Clyst St Lawrence
Some Old Devon Churches
By J. Stabb
London: Simpkin et al (1908-16)
Transcribed and edited by Dr Roger Peters
Full text available at
Prepared by Michael Steer
Between 1908 and 1916, John Stabb, an ecclesiologist and photographer who lived in Torquay, published three volumes of Some Old Devon Churches and one of Devon Church Antiquities. A projected second volume of the latter, regarded by Stabb himself as a complement to the former, did not materialize because of his untimely death on August 2nd 1917, aged 52. Collectively, Stabb's four volumes present descriptions of 261 Devon churches and their antiquities.
CLYST ST. LAWRENCE. St. Lawrence. The church consists of chancel, nave, south porch, and west tower. There is a screen of five bays across the chancel [plate 61], retaining its ancient colouring and gilding, but the tracery has all been removed from the bays and the ancient cresting has been replaced by a plain wooden one; at one time it must have been an exceedingly fine screen.
There is a gallery in the tower arch, and on each side of the arch are carved grotesque heads. The arms of Charles II [r. 1660-1685] are preserved beneath the gallery.

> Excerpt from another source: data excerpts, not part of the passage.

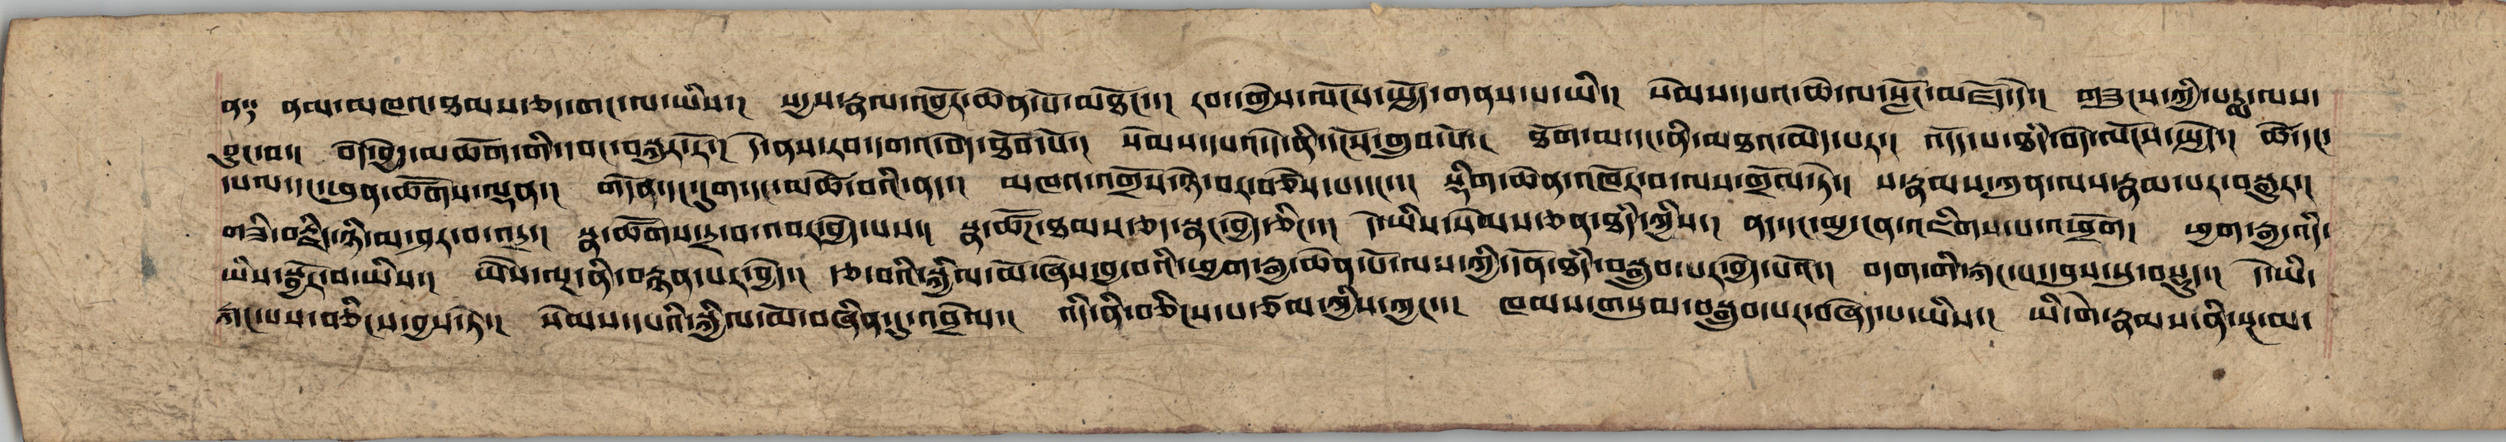ན༑ ནམ་མཁའ་ཐམས་ཅད་གང་ལ་ཡིས་། སདྱས་རྣལ་འབྱོར་ཆེན་པོར་མཐོང་་། རབ་དགྱེས་ལོངས་སྤྱོད་གནས་པ་ཡི་། སེམས་དཔའ་ཆེ་ལ་སློང་མཛོད་དེ་། གཟུངས་ཀྱི་པདྨ་ལས་
བྱུང་བ་། བདེ་བྱེད་མཆོག་གི་དབང་བསྐུར་རོ་། དེ་ནས་རབ་དགའ་བདེ་ཐོབ་པོ་། སེམས་དཔའ་དེ་ནི་དངོས་གྲུབ་པོ་། ཐོག་མ་དང་ནི་མཐའ་མེད་པར་། འདོད་པ་ཐཾད་བདེ་ལོངས་སྤྱོད་། ཚེ་དང་
དཔལ་དང་ཕུན་ཚོགས་ལྡན་། གདོན་དང་དུག་དང་མཚེ་བའི་ནད་། མཁའ་འགྲོས་ཉེ་བར་བཙེས་པ་དང་་། སྡིག་ཆེན་འཁོར་བ་ལས་གྲོལ་ཏེ་། ས་རྣམས་ཀུན་ལས་རྣམ་པར་བསྒྱུར་།
གཟི་བརྗིད་ཉི་མ་ཤར་བ་འདྲ་། སྣ་ཚོགས་དྲ་བ་འབར་བྱེད་པས་། སྣ་ཚོགས་ཐམས་ཅད་སྣང་བྱེད་ཅིང་་། དེ་ཡིས་སེམས་ཅད་ཐཾད་ཀྱིས་། ནད་དང་མྱ་ངན་འཇིགས་པ་འཕྲོག། ཕྱག་རྒྱ་འདི་
ཡིས་སྦྱོར་བ་ཡིས་། ཡཻས་ལྔ་ནི་བརྙན་པར་བྱེད་། རྩ་བའི་སྐྱིལ་མོ་ཞེས་བྱ་བའི་ཕྱག་རྒྱ་ཆེན་པོ་ལས་ཀྱི་དོན་ཐཾད་བསྒྲུབ་པར་བྱེད་པའོ་། བདག་གི་རྐང་པ་དབུས་སུ་བསྡུད་། དེ་ཡི་
རྐང་པས་བཅིངས་བྱས་ཏེ་། སེམས་དཔའི་སྐྱིལ་མོ་བཞིན་དུ་འབྲེལ་། འདི་ནི་བཅིངས་པ་ཙམ་ཀྱིས་ཀྱང་་། ཁམས་གསུམ་བསྒྲུབ་པར་བཞེད་པ་ཡིས་། ཡི་གེ་རྣམས་ནི་སྔ་མ་

In the chancel is buried the Rev. Charles E. Walkley, who was rector of the parish for the long period of 61 years; he died September 4th 1865, at the age of 85 years. There are some carved bosses in the roof, but they have been whitewashed over, as has also the font, which is of plain design.
Over the chancel arch is hung an interesting painting. It represents a triangle cut off at the three corners by three circles, symbolising the three Divine Persons, with an inscription showing the difference and the equality of the three hypostaces, the difference is on the side of the triangle, and the equality converges towards the centre, meeting in another circle. This triangle is sometimes depicted as supported by a figure with three faces, but in this instance there is no figure; with the figure, it is said by Hone (Ancient Mysteries Described, p. 86) to have been the arms of Trinity Priory, Ipswich [Suffolk]; and in Didron's Christian Iconography, in a footnote, it is stated that this design was commonly seen after the commencement of the 15th century. It may be found sculptured on a house in Bordeaux, said to have been inhabited by Montaigne [1533-1592], and in the counties of Norfolk, Suffolk, and Essex it is constantly to be met with. The note also says:- "We are assured that they occur in the eastern part of England alone and have never been seen in the north or the west." If this statement is correct, and this is the only place in Devonshire in which I have seen this design, the representation in this church is of great interest.
The old cross remains in the church, but the top is rather worn. In the north-east corner of the tower there is a statue of the Blessed Virgin and Child, and the building has some very grotesque gargoyles.
The registers date: baptisms, 1539; marriages, 1540; burials, 1541.